Müslüman toplumlar, modernliği anlamadan, modernlikle hesaplaşma çabası ortaya koymadan, fenâ hâlde postmodernliğe yakalandılar.
Müslüman toplumlardaki -bütün kesimlere mensup- «aydın” ve elitlerin, dünyada, coğrafyamızda ve ülkemizde yaşanan temel varoluşsal sorunları anlamakta zorlandıkları, “sapla samanı birbirine karıştırdıkları”, büyük bir zihnî ve ontolojik savrulmanın yaşandığı ürpertici bir zaman diliminde yaşıyoruz.
Oysa çağ'ı tanıyamazsanız, tanımlanmaktan kurtulamazsınız.
Çağ'ı tanıyamazsanız, çağ'ın ağlarından, bağlarından, zihin ve davranış kalıplarından, zihninizin çağdaş hurafeler çöplüğüne dönüşmesinden de kurtulamazsınız hiç bir zaman. Tanıyamadığınız bir çağ'ı değiştirme ve aşma iddiasında bulunmaksa abesle iştigal ermektir zaten.
KANDİNSKY'NİN ZİHİN AÇICI “VE” BAŞLIKLI MAKALESİ
Modern ve postmodern “aralık”ları içerecek şekilde çağımızı en iyi “tanımlayan” kişilerden biri soyut resmin en önemli isimlerinden Vassily Kandinsky'dir.
Kandinsky, 1955 yılında yazdığı «Ve» başlığını taşıyan bir yazısında, daha o zamandan, tığ gibi işleyen zekası ve öngörüsüyle modern ve postmodern duyarlıkları birbirinden ayıran temel kavramsal çerçeveleri çok iyi resmeder.
Üstad'a göre modernliğe “ya-ya da” (ya ben, ya o; ya biz, ya onlar) şeklindeki karşıtlaştırma hükmederken; postmodernliğe ise «ve» (yani ben ve o; biz ve onlar) anlayışı hükmünü icra etmeye başlamıştır.
MODERNLİK NE, POSTMODERNLİK NEREYE DÜŞER?
Modernlikte, “ayırma, uzmanlaşma, tek anlamlılığa, dünyanın hesaplanabilir ve kontrol edilebilir olmasına çabalama”;
postmodernlikte ise, “yanyanalık, iç-içe geçmişlik, çokluk, muğlaklık, bağlamın ve bağlantılılığın sorgulanması, değişmece, üçüncü yolu içerme deneyleri, sentez ve çift değerlilik” sözkonusudur.

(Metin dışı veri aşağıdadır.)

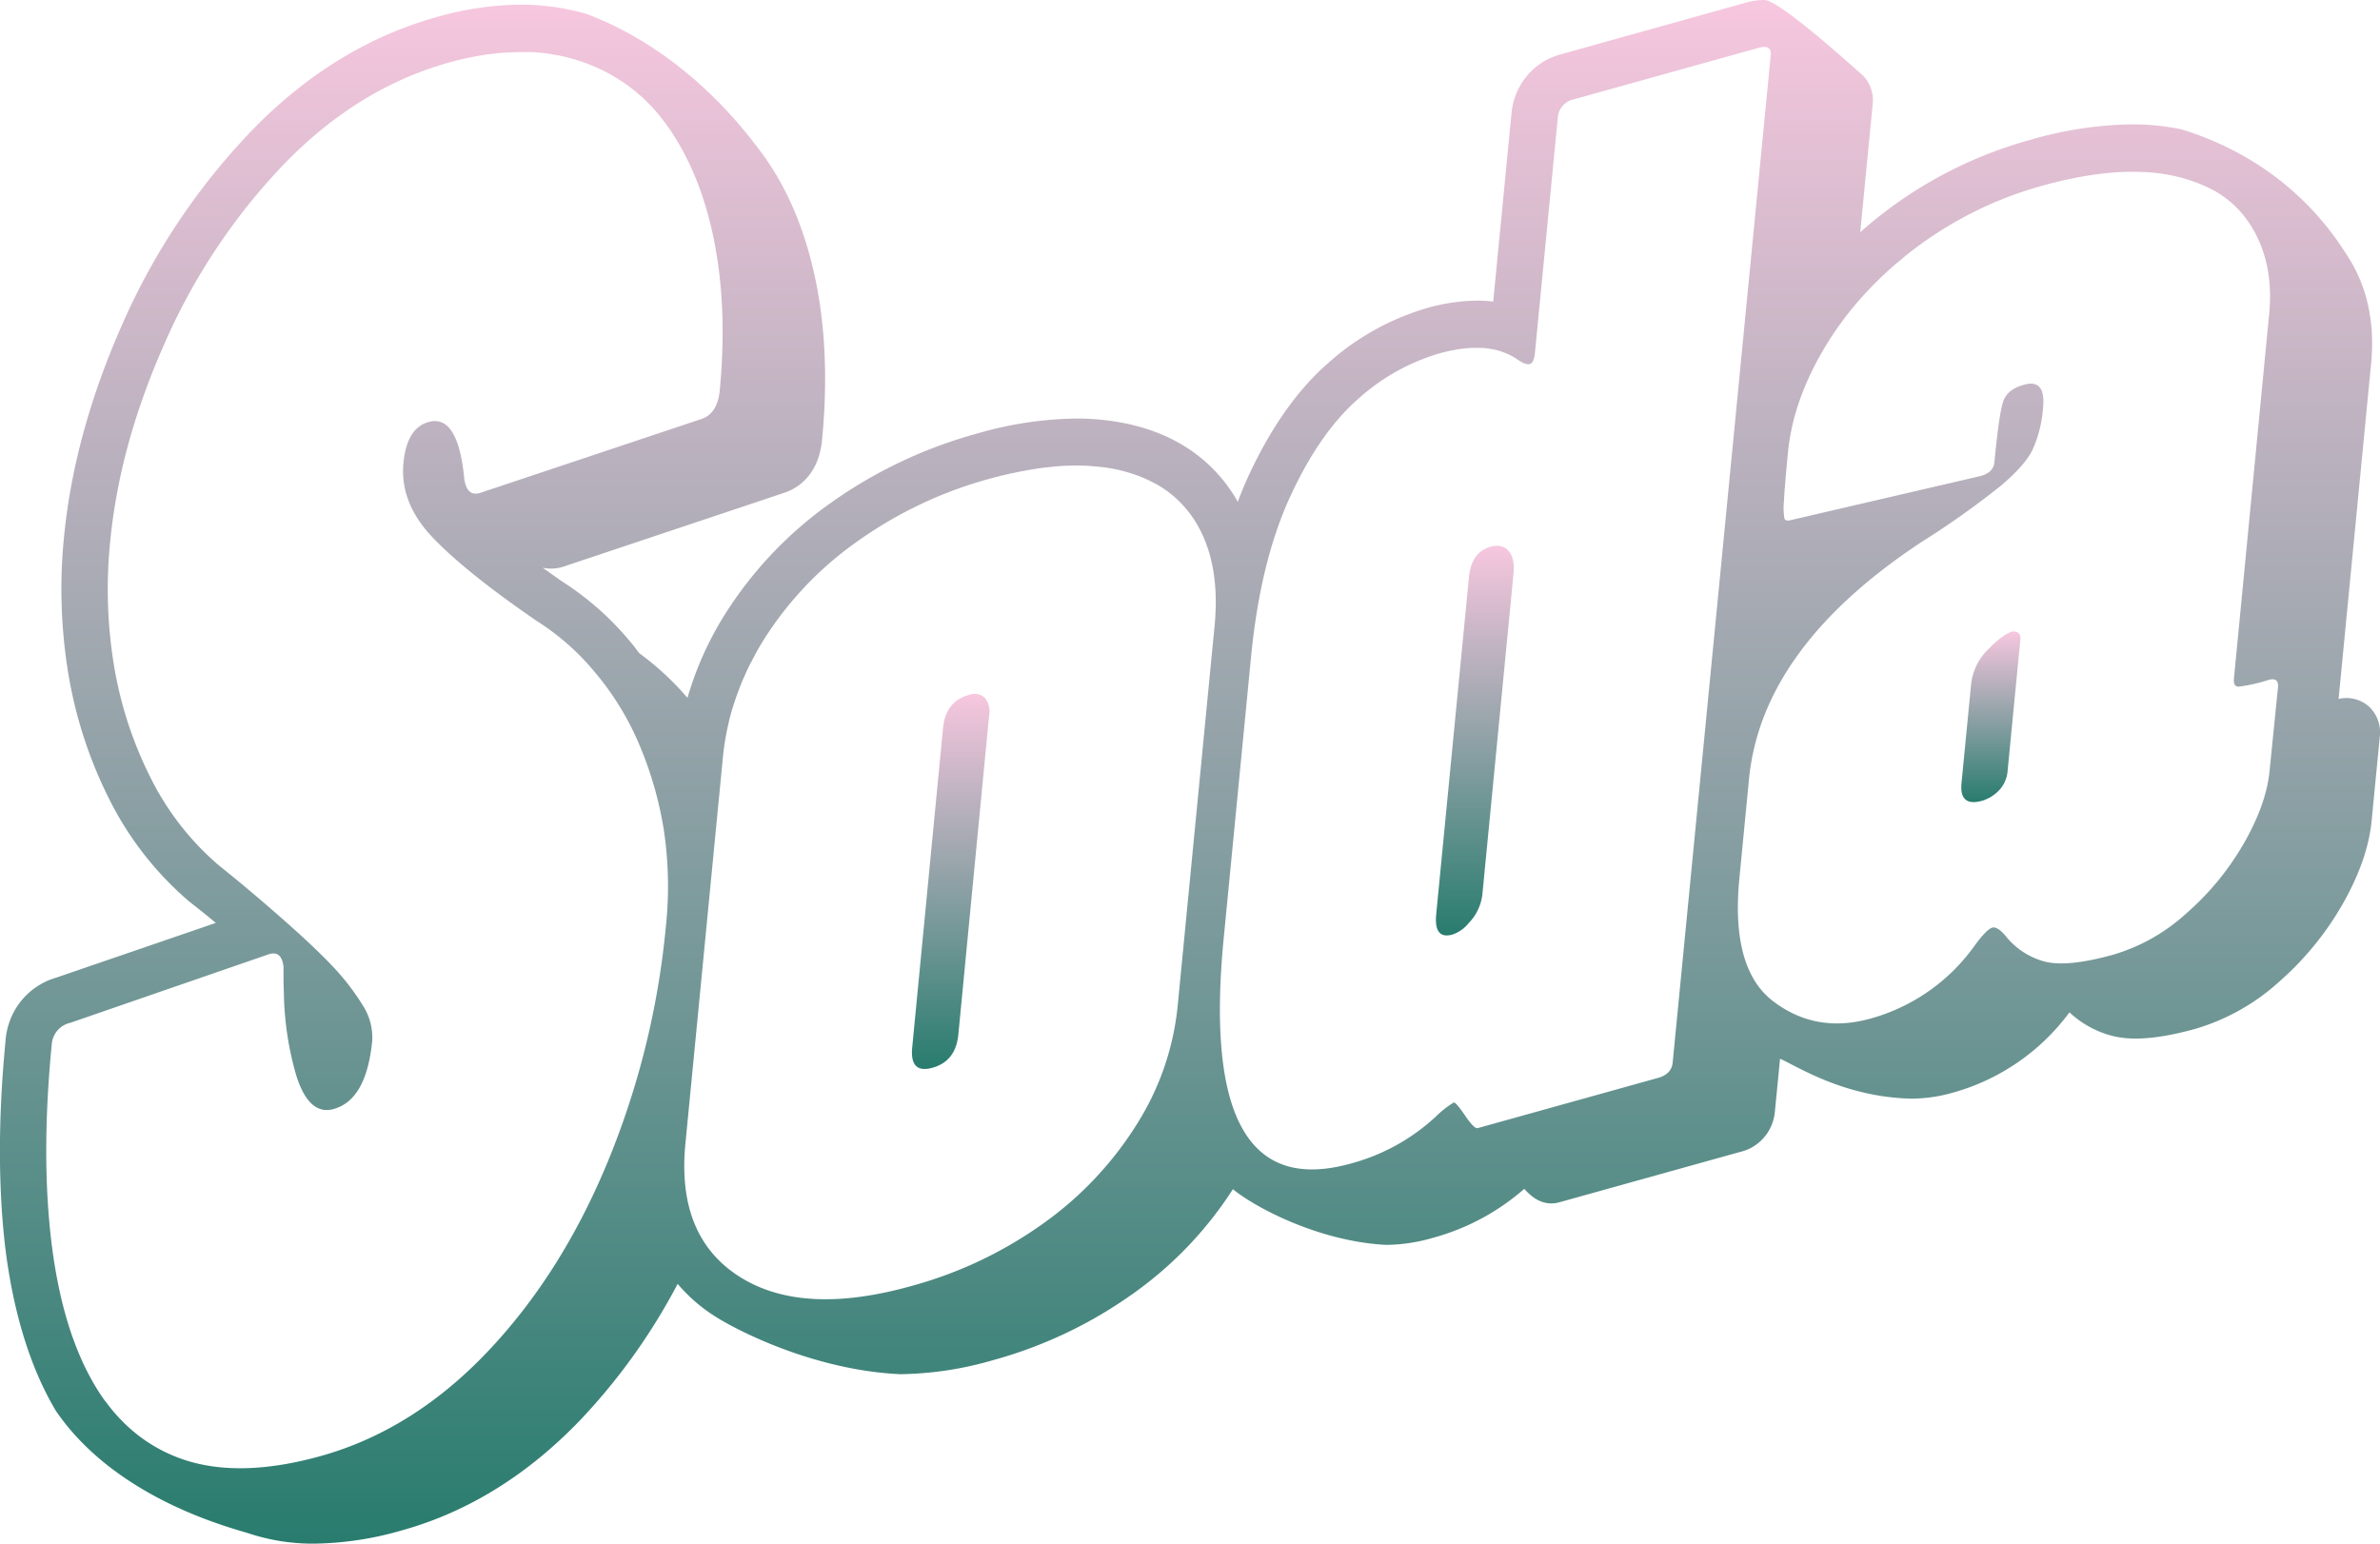 <svg width="74" height="48" fill="none" xmlns="http://www.w3.org/2000/svg"><g clip-path="url(#a)"><path d="M30.12 21.61c-.479.134-.745.477-.799 1.03l-.958 9.93c-.054.556.159.766.637.63s.744-.48.797-1.03l.958-9.93a.661.661 0 0 0-.137-.544.476.476 0 0 0-.498-.086Z" fill="url(#b)"/><path d="M46.335 17.005c-.39.109-.611.426-.663.952l-1.017 10.477c-.05.526.12.735.51.625.197-.069.37-.192.5-.355a1.53 1.53 0 0 0 .425-.886l.968-9.972c.032-.324-.019-.562-.152-.715-.133-.153-.324-.195-.571-.127Z" fill="url(#c)"/><path d="M73.633 21.95a1.061 1.061 0 0 0-.921-.216l1.011-10.422c.125-1.278-.121-2.407-.734-3.354-.397-.615-1.823-2.909-5.162-3.936a7.537 7.537 0 0 0-1.549-.155 11.75 11.75 0 0 0-3.123.474 13.236 13.236 0 0 0-5.316 2.88l.386-3.97a1.093 1.093 0 0 0-.359-.956C57.666 2.13 55.336 0 54.855 0a2.101 2.101 0 0 0-.57.082l-5.78 1.614a2.06 2.06 0 0 0-1.025.659 2.105 2.105 0 0 0-.48 1.13l-.572 5.893a4.174 4.174 0 0 0-.506-.03 5.875 5.875 0 0 0-1.564.234 7.939 7.939 0 0 0-3.062 1.708c-.958.833-1.793 2.022-2.494 3.546a11.51 11.51 0 0 0-.318.77c-.035-.062-.067-.127-.105-.186-.748-1.185-1.885-1.945-3.383-2.254a7.56 7.56 0 0 0-1.53-.152c-1.044.016-2.08.172-3.083.466a14.405 14.405 0 0 0-4.55 2.156 12.234 12.234 0 0 0-3.296 3.472 10.248 10.248 0 0 0-1.162 2.592 8.845 8.845 0 0 0-1.498-1.388c-.096-.125-.19-.253-.293-.372a9.123 9.123 0 0 0-2.104-1.858c-.212-.146-.41-.29-.608-.428.198.041.403.035.598-.02l.041-.012 6.824-2.282c.349-.104 1.107-.465 1.224-1.656.18-1.842.105-3.543-.218-5.055-.331-1.548-.9-2.868-1.694-3.92-.464-.615-2.295-3.097-5.403-4.274a7.369 7.369 0 0 0-2.067-.29c-.878.01-1.75.14-2.594.384-2.14.597-4.088 1.797-5.79 3.568a20.677 20.677 0 0 0-3.983 5.97c-.998 2.245-1.61 4.472-1.819 6.623a16.18 16.18 0 0 0 .137 4.279A13.656 13.656 0 0 0 3.4 24.857a10.145 10.145 0 0 0 2.465 3.16l.052.042c.247.192.512.405.794.639l-4.956 1.7c-.43.122-.813.375-1.096.725-.283.35-.453.78-.486 1.232-.234 2.415-.232 4.608 0 6.519.258 2.008.785 3.688 1.562 4.993 1.903 2.791 5.559 3.666 6.034 3.825.65.21 1.329.315 2.011.308a10.225 10.225 0 0 0 2.731-.417c2.04-.569 3.906-1.727 5.547-3.443a18.951 18.951 0 0 0 3.012-4.218c.332.392.72.73 1.152 1.004.723.463 3.108 1.682 5.768 1.805.977-.014 1.947-.16 2.885-.436a13.742 13.742 0 0 0 4.374-2.083 11.761 11.761 0 0 0 3.085-3.234c.673.556 2.665 1.626 4.765 1.732a5.38 5.38 0 0 0 1.44-.215 7.17 7.17 0 0 0 2.855-1.528c.241.278.608.556 1.095.417l5.614-1.564a1.39 1.39 0 0 0 .738-.443c.194-.222.314-.501.343-.797l.162-1.657c.496.209 1.968 1.193 4.081 1.24a4.769 4.769 0 0 0 1.284-.184 6.755 6.755 0 0 0 3.634-2.5c.383.359.85.613 1.357.738.625.154 1.463.079 2.558-.225a6.683 6.683 0 0 0 2.623-1.482 9.406 9.406 0 0 0 1.958-2.402c.52-.916.822-1.782.898-2.58l.254-2.608a1.1 1.1 0 0 0-.359-.97Zm-52.931 6.873a25.424 25.424 0 0 1-1.824 7.347c-.966 2.324-2.217 4.29-3.755 5.9-1.538 1.608-3.256 2.677-5.154 3.207-1.666.463-3.08.501-4.244.115a4.808 4.808 0 0 1-1.773-1.055l-.01-.009a5.325 5.325 0 0 1-.325-.334l-.036-.04a6.104 6.104 0 0 1-.273-.34l-.054-.067a6.045 6.045 0 0 1-.289-.44c-.68-1.134-1.132-2.607-1.358-4.418-.225-1.81-.225-3.874 0-6.19a.75.75 0 0 1 .171-.446.731.731 0 0 1 .404-.247l6.195-2.14a.473.473 0 0 1 .117-.018h.008c.021 0 .042.003.063.008h.012a.24.24 0 0 1 .073.033l.017.016a.27.27 0 0 1 .043.041c0 .009.012.018.019.028.01.017.02.034.029.053 0 .01.01.025.015.037a.681.681 0 0 1 .02.068c0 .014.007.03.01.045s.01.06.012.091c.003.032 0 .03 0 .045v.158c0 .196 0 .385.011.57.01.886.141 1.766.39 2.616.264.827.65 1.17 1.157 1.029.681-.19 1.081-.896 1.2-2.12a1.84 1.84 0 0 0-.304-1.121 7.311 7.311 0 0 0-.94-1.211c-.383-.407-.93-.921-1.642-1.544a52.834 52.834 0 0 0-1.902-1.597 8.654 8.654 0 0 1-2.104-2.711 12.12 12.12 0 0 1-1.134-3.472 14.626 14.626 0 0 1-.119-3.888c.194-2 .76-4.055 1.698-6.163a19.126 19.126 0 0 1 3.696-5.546c1.53-1.584 3.244-2.64 5.141-3.169.188-.053.372-.097.555-.139.06-.014.119-.022.179-.034a8.06 8.06 0 0 1 .36-.066c.071-.01.137-.018.21-.026.105-.014.212-.027.316-.035.074 0 .145-.008.217-.012.099 0 .197-.01.295-.011h.448c.093 0 .181.013.275.023.058 0 .117.01.175.018.097.013.194.03.29.047.048.009.096.016.137.025a5.746 5.746 0 0 1 .893.267l.019.008a5.266 5.266 0 0 1 2.312 1.764c.721.959 1.232 2.155 1.534 3.587.3 1.432.368 3.026.2 4.782-.048.5-.253.8-.615.902l-6.846 2.287c-.274.077-.435-.077-.483-.46-.131-1.336-.502-1.919-1.11-1.748-.45.125-.71.549-.78 1.272-.08.833.229 1.612.926 2.337.697.725 1.774 1.587 3.231 2.585.676.429 1.28.963 1.792 1.582a8.75 8.75 0 0 1 1.387 2.262c.358.845.612 1.731.759 2.639.15 1 .172 2.017.063 3.023Zm17.061-9.349-1.149 11.833a8.445 8.445 0 0 1-1.274 3.662 10.82 10.82 0 0 1-2.91 3.08 12.822 12.822 0 0 1-4.108 1.944c-2.26.63-4.04.53-5.34-.301-1.298-.832-1.856-2.205-1.672-4.119l1.17-12.055c.036-.362.098-.72.183-1.073v-.011a7.79 7.79 0 0 1 .114-.417l.012-.036c.04-.13.083-.261.13-.39.009-.025.02-.049.028-.073.044-.117.089-.236.137-.352l.056-.125c.044-.1.089-.2.137-.3a6.94 6.94 0 0 1 .107-.206c.035-.066.074-.145.115-.22.078-.142.162-.284.25-.425a10.739 10.739 0 0 1 2.908-3.055 12.911 12.911 0 0 1 4.1-1.945c.224-.062.441-.115.656-.163l.193-.04c.153-.032.303-.06.45-.085l.198-.032c.163-.024.324-.042.48-.057l.118-.013c.193-.015.38-.022.564-.023h.13c.156 0 .31.007.459.022l.155.014a4.724 4.724 0 0 1 1.121.244l.108.038c.093.034.18.073.274.114l.03.013c.091.046.183.092.274.14a3.37 3.37 0 0 1 1.186 1.134c.536.85.74 1.943.61 3.278Zm13.798 14.041-5.614 1.564c-.072.02-.204-.11-.395-.392-.192-.281-.31-.416-.352-.404a3.041 3.041 0 0 0-.548.429 6.246 6.246 0 0 1-2.658 1.47c-3.171.884-4.486-1.451-3.946-7.007l.849-8.738c.192-1.982.597-3.643 1.213-4.983.616-1.34 1.325-2.358 2.126-3.055a6.488 6.488 0 0 1 2.505-1.406c.12-.034.239-.062.352-.087l.108-.02c.077-.014.154-.028.228-.038l.117-.014a3.65 3.65 0 0 1 .202-.016h.255c.07 0 .138 0 .207.012l.126.017c.066.01.129.023.19.039.036.01.074.018.11.029.063.02.125.044.186.07.029.013.06.023.086.037.086.04.169.086.247.139.042.03.082.056.12.079l.036.02a.854.854 0 0 0 .07.034l.035.012a.408.408 0 0 0 .055.016h.03a.222.222 0 0 0 .063 0c.087-.024.14-.144.162-.36l.713-7.342a.597.597 0 0 1 .137-.314.598.598 0 0 1 .316-.205l5.782-1.612a.733.733 0 0 1 .171-.03h.015a.24.24 0 0 1 .105.023c.008.004.015.01.022.015.02.014.036.032.047.054a.17.17 0 0 1 .012.027c.012.039.016.08.011.12l-.087.908-2.962 30.43c-.023.242-.173.402-.447.479Zm19.004-9.532c-.066.674-.328 1.415-.787 2.222a8.496 8.496 0 0 1-1.78 2.179 5.803 5.803 0 0 1-2.284 1.3c-.942.263-1.65.336-2.125.22a2.314 2.314 0 0 1-1.242-.816c-.166-.19-.3-.272-.4-.243-.117.032-.296.214-.54.544a5.905 5.905 0 0 1-3.245 2.283c-1.13.316-2.138.138-3.024-.533-.886-.671-1.238-1.944-1.057-3.819l.3-3.095c.266-2.738 2.062-5.2 5.39-7.388.845-.531 1.66-1.11 2.441-1.734.5-.421.828-.795.987-1.122.183-.41.293-.849.325-1.297.059-.606-.136-.847-.585-.722-.348.092-.565.265-.653.516-.087.252-.179.882-.274 1.889-.02.216-.162.36-.423.433l-5.905 1.372c-.116.032-.185.013-.205-.06a2.152 2.152 0 0 1-.012-.529c.013-.277.055-.787.127-1.527.106-1.092.503-2.203 1.191-3.333a10.109 10.109 0 0 1 1.26-1.652l.04-.043c.124-.132.252-.261.384-.388l.119-.112c.114-.107.231-.212.35-.316l.137-.112c.16-.139.324-.267.495-.396a11.758 11.758 0 0 1 3.985-1.944c.228-.064.45-.118.667-.167l.197-.041c.154-.033.306-.06.456-.085l.204-.032c.164-.023.326-.043.484-.057l.122-.012a8.04 8.04 0 0 1 .571-.024h.04c.122 0 .241 0 .358.01h.076c.113.007.224.017.333.03l.107.014a5.11 5.11 0 0 1 .751.157c.082.024.159.05.237.077l.096.032c.098.036.192.075.283.116l.02.009c.098.044.193.093.283.138.452.252.836.612 1.118 1.049.502.778.701 1.707.596 2.785l-1.096 11.348c-.015.162.034.244.146.245.316-.04.627-.111.93-.21.216-.06.314.018.294.233l-.263 2.608Z" fill="url(#d)"/><path d="M62.567 19.638c-.19.052-.44.238-.752.555-.3.292-.488.683-.53 1.103l-.297 3.055c-.048.499.167.682.645.548.191-.059.365-.164.507-.308a.985.985 0 0 0 .283-.64l.393-4.045c.022-.19-.061-.28-.25-.268Z" fill="url(#e)"/></g><defs><linearGradient id="b" x1="29.561" y1="21.574" x2="29.561" y2="33.24" gradientUnits="userSpaceOnUse"><stop stop-color="#F7C7DF"/><stop offset="1" stop-color="#287C6E"/></linearGradient><linearGradient id="c" x1="45.857" y1="16.973" x2="45.857" y2="29.087" gradientUnits="userSpaceOnUse"><stop stop-color="#F7C7DF"/><stop offset="1" stop-color="#287C6E"/></linearGradient><linearGradient id="d" x1="37" y1="0" x2="37" y2="48" gradientUnits="userSpaceOnUse"><stop stop-color="#F7C7DF"/><stop offset="1" stop-color="#287C6E"/></linearGradient><linearGradient id="e" x1="61.901" y1="19.637" x2="61.901" y2="24.942" gradientUnits="userSpaceOnUse"><stop stop-color="#F7C7DF"/><stop offset="1" stop-color="#287C6E"/></linearGradient><clipPath id="a"><path fill="#fff" d="M0 0h74v48H0z"/></clipPath></defs></svg>

Modernlikte düzen, kapalılık, tamamlanmışlık gibi tanımlayıcı ögeler hakimken; postmodernlikte düzensizlik, kaos, belirsizlik, açık uçluluk; sınırları ve sınırlılıkları sorgulama, aşma; sınırlara ve sınırlılıklara ilişkin bir yanılsama, muğlaklık; ve tüm bunların doğurduğu alakasız, birbirinden farklı ögeleri bir araya toplama çaresizliği ve geleceğe (ve geçmiş'e) duyulan korku egemendir.
HAKİKATİN YİTİRİLMESİ...
Modernlik, kendi terimlerimle ifade etmem gerekirse, “yaratıcı” ama tahripkardır; yıkıcıdır; hem ontolojik hem siyasî şiddete dayalı söylemler ve pratikler, hegemonya biçimleri üreterek varlığını sürdürmeye çalışır.
Postmodernlikse, tüketici, düzleştirici, her şeyi izafileştirici, mübahlaştırıcı, simülatif/yanıltıcı ve yanılsatıcıdır.
Modernlik unutmaktır. Postmodernlik, unutmayı unutmak.
Modernlik, dekadanstır. Postmodernlik, dekandansla dans: Kaygan zeminlerde patinaj yapmak yani.
Modernlik, hakikat'in yitirilmesidir. Postmodernlik, hakikat'in yitirildiği hakikatinin de yitirilmesi, hayatın çölleşmesi, insanın tüketen, tükettikçe tükenen, hız, haz ve ayarlılara yenik düşen, düşünme ve düş görme melekelerini yitiren, yalnızca duygularıyla tepki veren, histerik, insanaltı bir varlığa dönüşmesi.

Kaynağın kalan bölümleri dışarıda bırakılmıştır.